■ **What to produce**
Give the following records again in full and without alteration.
[Given information]
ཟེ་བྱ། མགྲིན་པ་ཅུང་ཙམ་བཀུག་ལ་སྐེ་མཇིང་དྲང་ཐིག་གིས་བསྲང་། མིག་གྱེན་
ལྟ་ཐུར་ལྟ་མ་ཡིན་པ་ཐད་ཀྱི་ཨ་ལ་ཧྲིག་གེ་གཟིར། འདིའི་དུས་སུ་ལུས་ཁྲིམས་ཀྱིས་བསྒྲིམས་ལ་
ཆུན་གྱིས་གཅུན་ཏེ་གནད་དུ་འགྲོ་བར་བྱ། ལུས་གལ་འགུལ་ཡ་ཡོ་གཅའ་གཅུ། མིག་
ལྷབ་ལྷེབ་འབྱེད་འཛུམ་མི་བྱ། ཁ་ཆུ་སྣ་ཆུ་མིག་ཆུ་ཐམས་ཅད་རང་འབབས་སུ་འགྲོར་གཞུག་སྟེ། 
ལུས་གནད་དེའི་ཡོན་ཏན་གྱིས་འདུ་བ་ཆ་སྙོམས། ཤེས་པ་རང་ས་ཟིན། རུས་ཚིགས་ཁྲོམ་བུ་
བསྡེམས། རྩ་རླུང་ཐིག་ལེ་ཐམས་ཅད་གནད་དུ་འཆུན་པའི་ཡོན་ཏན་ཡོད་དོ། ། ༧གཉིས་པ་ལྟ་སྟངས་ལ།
[/Given information]
■ **Output below**
ཟེ་བྱ། མགྲིན་པ་ཅུང་ཙམ་བཀུག་ལ་སྐེ་མཇིང་དྲང་ཐིག་གིས་བསྲང་། མིག་གྱེན་
ལྟ་ཐུར་ལྟ་མ་ཡིན་པ་ཐད་ཀྱི་ཨ་ལ་ཧྲིག་གེ་གཟིར། འདིའི་དུས་སུ་ལུས་ཁྲིམས་ཀྱིས་བསྒྲིམས་ལ་
ཆུན་གྱིས་གཅུན་ཏེ་གནད་དུ་འགྲོ་བར་བྱ། ལུས་གལ་འགུལ་ཡ་ཡོ་གཅའ་གཅུ། མིག་
ལྷབ་ལྷེབ་འབྱེད་འཛུམ་མི་བྱ། ཁ་ཆུ་སྣ་ཆུ་མིག་ཆུ་ཐམས་ཅད་རང་འབབས་སུ་འགྲོར་གཞུག་སྟེ། 
ལུས་གནད་དེའི་ཡོན་ཏན་གྱིས་འདུ་བ་ཆ་སྙོམས། ཤེས་པ་རང་ས་ཟིན། རུས་ཚིགས་ཁྲོམ་བུ་
བསྡེམས། རྩ་རླུང་ཐིག་ལེ་ཐམས་ཅད་གནད་དུ་འཆུན་པའི་ཡོན་ཏན་ཡོད་དོ། ། ༧གཉིས་པ་ལྟ་སྟངས་ལ།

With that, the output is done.